The present invention relates to a radiation image conversion panel that has a phosphor layer such as a stimulable phosphor layer formed by a vapor-phase deposition technique such as vacuum evaporation and achieves excellent sensitivity and sharpness, and a process suitable for producing the radiation image conversion panel.
Upon exposure to a radiation (e.g. X-rays, α-rays, β-rays, γ-rays, electron beams, and ultraviolet rays), certain types of phosphors known in the art accumulate part of the energy of the applied radiation and, in response to subsequent application of exciting light such as visible light, they emit photostimulated luminescence in an amount that is associated with the accumulated energy. Called “storage phosphors” or “stimulable phosphors”, those types of phosphors find use in medical and various other fields.
A known example of such use is a radiation image information recording and reproducing system that employs a radiation image conversion panel having a film (or layer) of the stimulable phosphor (which is hereinafter referred to as a “phosphor layer”). The radiation image conversion panel is hereinafter referred to simply as the “conversion panel” and is also called the stimulable phosphor panel (sheet). The system has already been commercialized by, for example, FUJIFILM Corporation under the trade name of FCR (Fuji Computed Radiography).
In that system, a subject such as a human body is irradiated with X-rays or the like to record radiation image information about the subject on the conversion panel (more specifically, the phosphor layer). After the radiation image information is thus recorded, the conversion panel is scanned two-dimensionally with exciting light to emit photostimulated luminescence which, in turn, is read photoelectrically to yield an image signal. Then, an image reproduced on the basis of the image signal is output as the radiation image of the subject, typically to a display device such as a CRT display or on a recording material such as a photosensitive material.
The conversion panel is typically prepared by the following method: Powder of a stimulable phosphor is dispersed in a solvent containing a binder and other necessary ingredients to make a coating solution, which is applied to a panel-shaped support (substrate) made of glass or a resin, with the applied coating being subsequently dried.

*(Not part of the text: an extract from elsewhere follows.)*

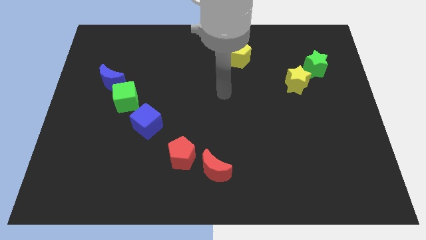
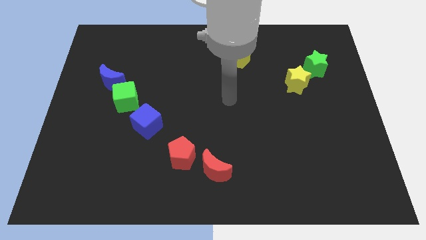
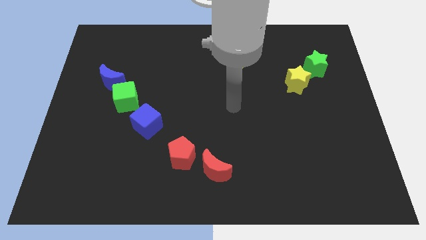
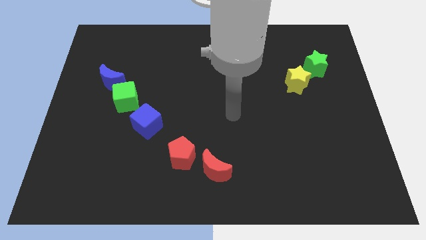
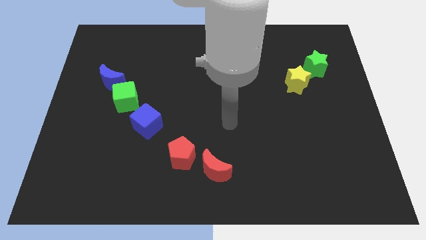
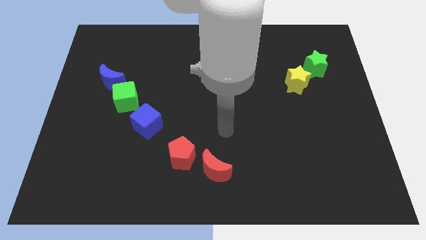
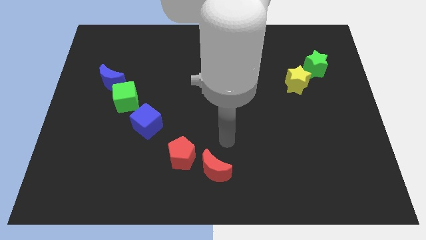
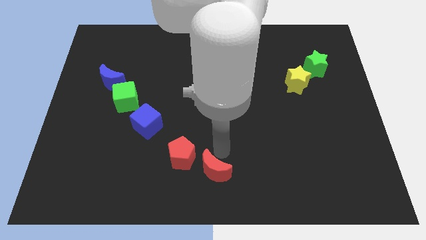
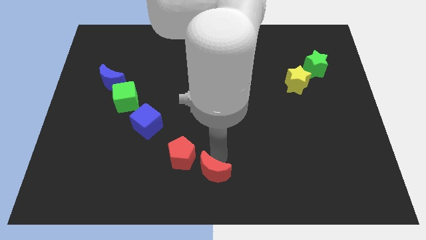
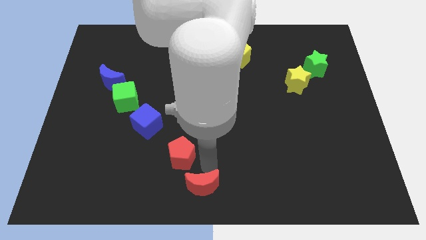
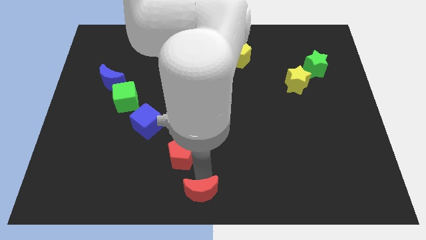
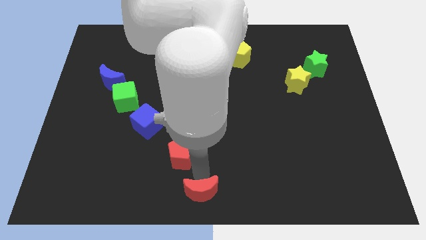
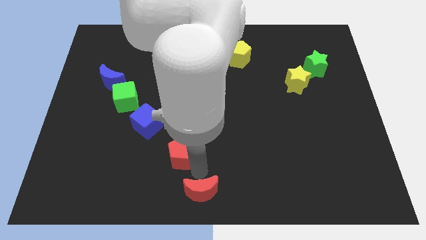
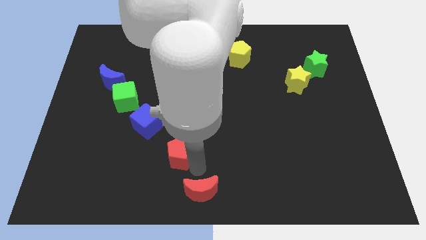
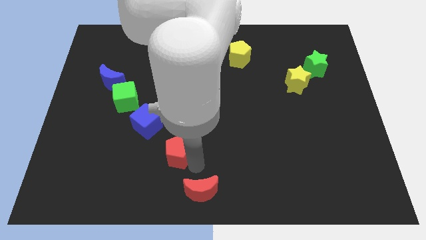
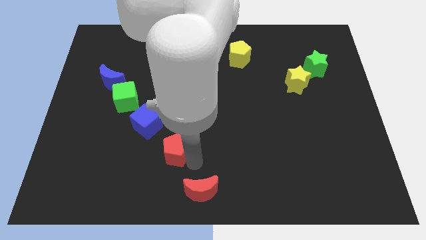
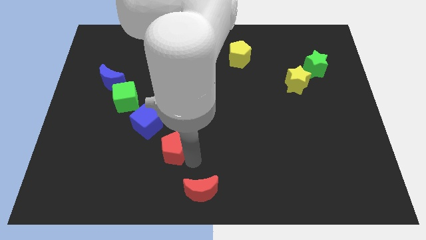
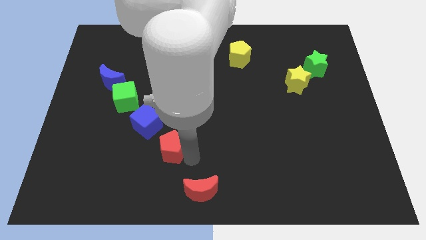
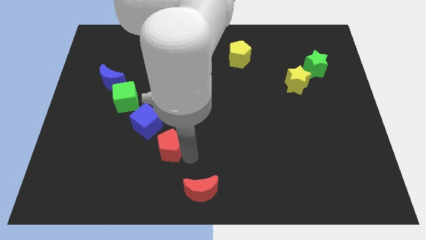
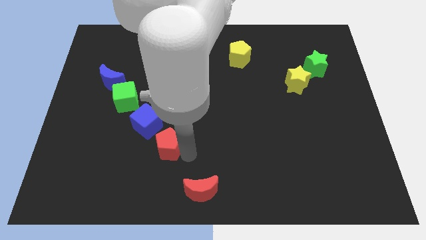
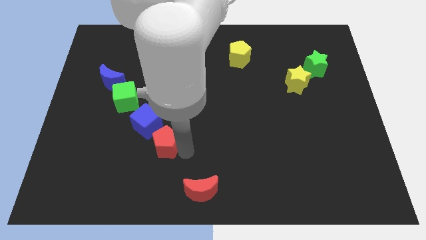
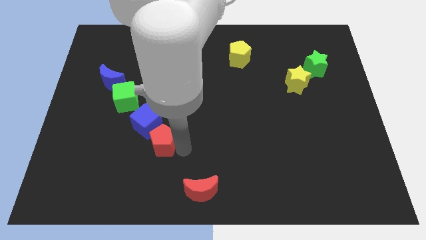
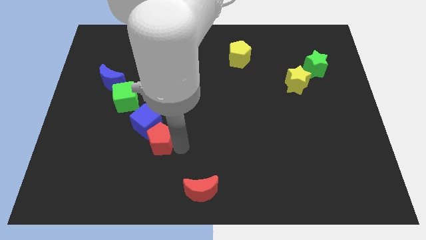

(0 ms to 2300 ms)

As described in the patent documents to be referred to below, also known are conversion panels which are prepared by forming a phosphor layer on a substrate through vapor-phase deposition techniques (vacuum film deposition techniques) such as vacuum evaporation and sputtering. The phosphor layer formed by such vapor-phase deposition has superior characteristics in that it is formed in vacuo and hence has low impurity levels and that being substantially free of any ingredients other than the stimulable phosphor as exemplified by a binder, the phosphor layer has not only small scatter in performance but also features very highly efficient luminescence.
A phosphor layer formed by vapor-phase deposition may often have a columnar crystal structure formed of columnar phosphor crystals. Various studies and propositions have been made to improve the characteristics of a conversion panel having a phosphor layer formed by vapor-phase deposition.
To be more specific, JP 2003-302498 A refers to manufacture of a conversion panel having a phosphor layer of columnar crystals formed by vapor-phase deposition and discloses that proper control of the temperature of a substrate during the formation of the phosphor layer enables the phosphor layer formed to have a suitable column diameter and to be substantially uniform, whereby the thus obtained conversion panel can be of high image quality.
JP 2004-233067 A discloses a similar conversion panel that has 50 to 4,000 columnar crystals per 100 μm2 of phosphor layer surface to achieve excellent photostimulated luminescence characteristics (luminescence intensity) and high sharpness.
JP 2005-98716 A discloses a similar conversion panel that has a variation coefficient in columnar crystals of up to 50% and preferably up to 40% to achieve high sensitivity and less unevenness in the luminance of the photostimulated luminescence. EP 1359204 A also discloses a similar conversion panel having a variation coefficient in columnar crystals of 0.05 to 0.3.
JP 2004-3955 A discloses a similar conversion panel which has a substrate whose surface is made uneven by a large number of protruding portions and in which columnar crystals are grown only from the protruding portions to be optically isolated from each other, thus achieving high sharpness.